By Lucas Guaraldo*
The United Nations Climate Conference, COP30, which will take place in November in Belém, is bringing the Amazon to the center of the global discussion on climate, but it cannot leave out debates and proposals on the Cerrado, warns a policy brief developed by scientists from IPAM (Amazon Environmental Research Institute). With the advance of deforestation, the biome increasingly needs solutions adapted to the reality of the savannah, say the researchers.
Despite being the most biodiverse savannah on the planet and concentrating 60% of Brazil’s agricultural production, the Cerrado is still under-represented in national policies and on the international climate agenda. Currently, of the more than 30,000 Bills, Constitutional Amendments and Provisional Measures currently before the Chamber of Deputies, only eight deal with the protection or creation of specific conservation areas for the biome.
According to the Brazilian Forest Code, the percentage of Legal Reserve is 20% for properties in the Cerrado; and 35% for Cerrado areas located in the Legal Amazon. In practice, this means that although around 45% of the total area of private properties is still covered by native vegetation, up to 31 million hectares, equivalent to the area of Poland or seven times the area of the state of Rio de Janeiro, remain open to legal deforestation.
“Savannah and grassland vegetation have historically been neglected and their strengthening and inclusion in the scope of national and international anti-deforestation legislation is fundamental to regulating the climate and maintaining the hydrological cycles in the Cerrado. Without this, the very competitiveness of Brazilian agribusiness could be jeopardized in the long term, threatening key sectors of the economy and increasing the risk of water and food insecurity,” recalls Dhemerson Conciani, a researcher at IPAM and one of the authors of the policy brief.
Since 1985, according to data from the MapBiomas Network, of which IPAM is a member, the Cerrado has lost 40 million hectares of native vegetation, becoming one of the main vectors of Brazilian greenhouse gas emissions. Private rural areas accounted for 72% of all deforestation in the biome in the period, which has already accumulated more than 14 million hectares of degraded pastures, an indication of the inefficient use of the land.
In the same period, almost half of the biome has been burned at least once, surpassing the mark of 89 million hectares affected by fire. In 2024 alone, more than 9.7 million hectares were affected by fires, an area larger than the state of Santa Catarina. In 2025, even at the beginning of the most intense period of fires, fire had already affected 1.2 million hectares. MapBiomas data also shows that the recurrent use of fire is responsible for 58% of the area burned on private properties.

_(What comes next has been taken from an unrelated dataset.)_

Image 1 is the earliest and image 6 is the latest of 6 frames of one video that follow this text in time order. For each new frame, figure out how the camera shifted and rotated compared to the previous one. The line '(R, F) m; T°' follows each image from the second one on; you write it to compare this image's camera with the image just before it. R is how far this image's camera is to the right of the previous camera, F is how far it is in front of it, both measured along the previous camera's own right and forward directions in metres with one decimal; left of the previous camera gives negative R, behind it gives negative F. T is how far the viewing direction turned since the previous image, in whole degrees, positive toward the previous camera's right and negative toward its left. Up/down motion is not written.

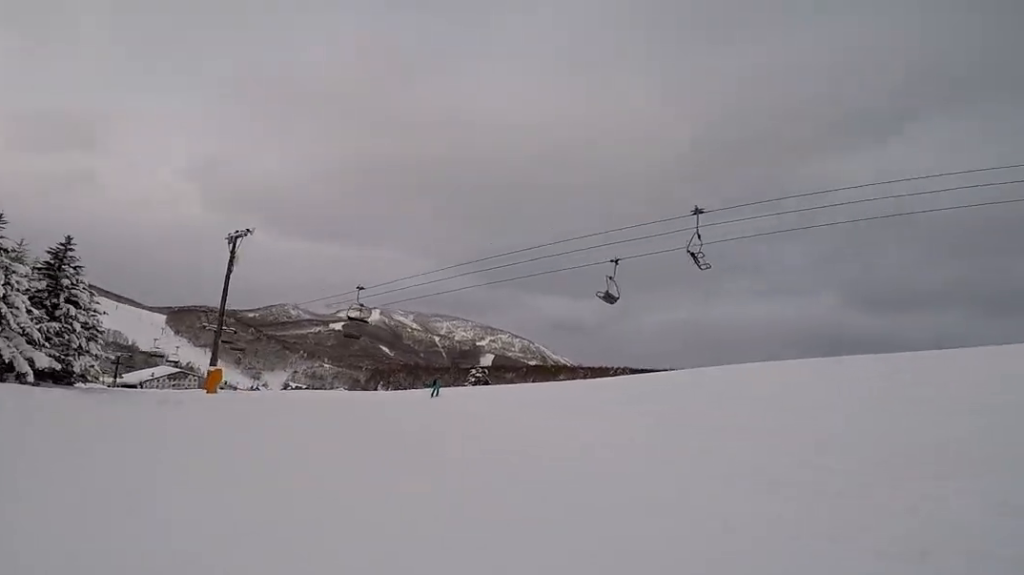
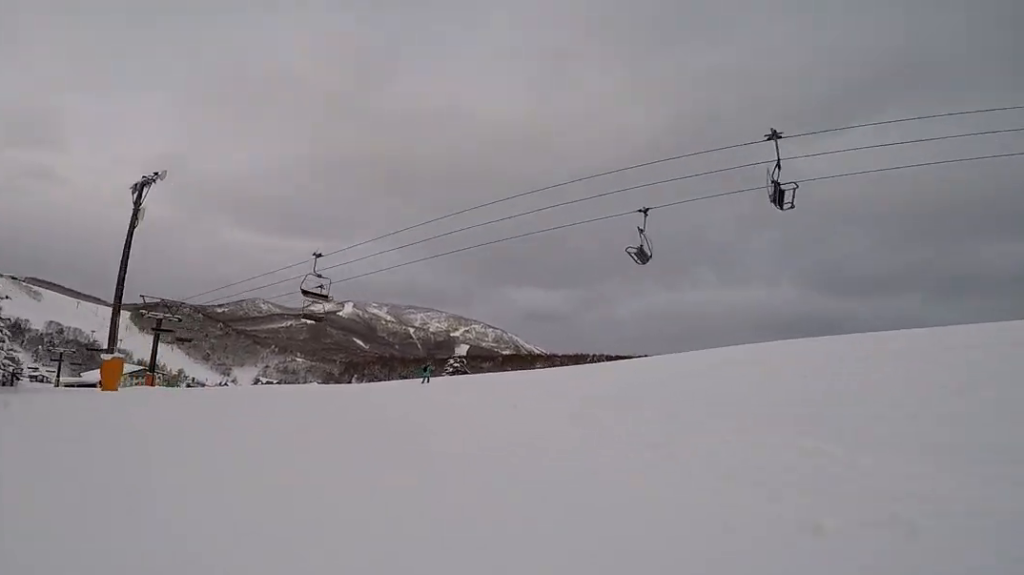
(-0.8, +7.0) m; -2°
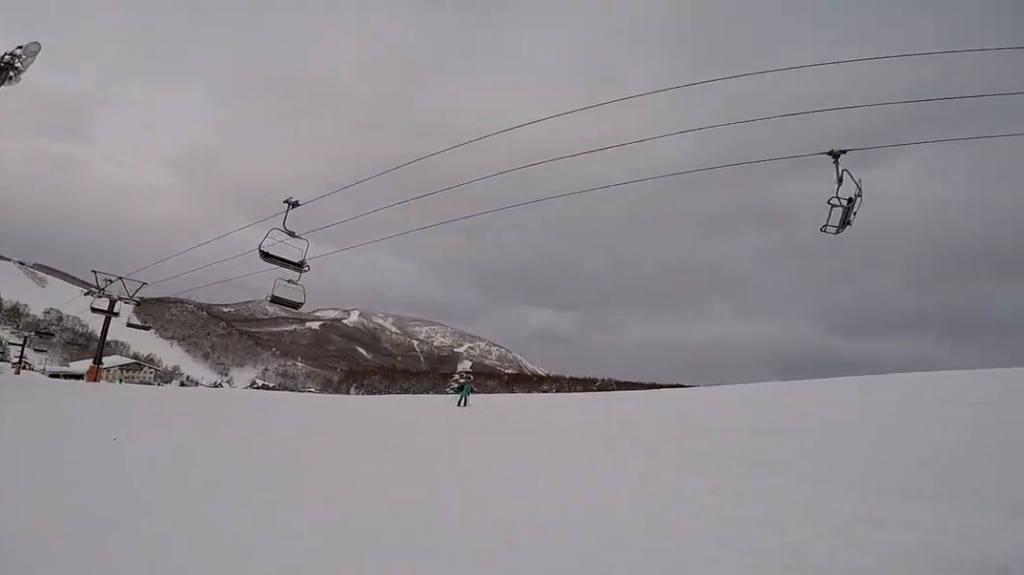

“Together, the Amazon and Cerrado accounted for 83% of deforestation in 2024, with the Cerrado accounting for more than half of all deforestation in the country. They are interdependent ecosystems that need to be considered together in mitigation and adaptation policies. We hope that the COP will be an instrument that amplifies this interdependence and helps to build solutions for the most biodiverse savannah on the planet,” adds Conciani.
Paying for conservation
As an important measure for protecting the remnants of native vegetation in the biome, the policy brief suggests implementing payment policies for environmental services, with a focus on encouraging the conservation of areas and combating legal deforestation. Specific credit lines for intensifying production, which discourage the opening up of new areas, as well as strengthening the National PES Policy(Law 14.119/2021), could create an environment conducive to public and private investment in conservation, accelerating the transition to a more sustainable rural economy, the researchers argue.
Programs such as Conserv, a financial mechanism created by IPAM which pays rural producers in the Legal Amazon for maintaining areas of native vegetation beyond what is required by the Forest Code and which could be legally deforested, have shown promising results in reducing legal deforestation. Even after the end of payments for the first stage of the program, producers continue to preserve areas beyond what is required by law.
Since 2020, the project has signed 32 contracts with landowners and companies in the states of Mato Grosso, Pará and Maranhão. In total, more than 27,000 hectares of vegetation beyond the Legal Reserve have been protected, preventing the emission of more than 2 million tons of CO₂ and contributing to ecosystem services essential to agricultural production, such as rainfall and climate predictability.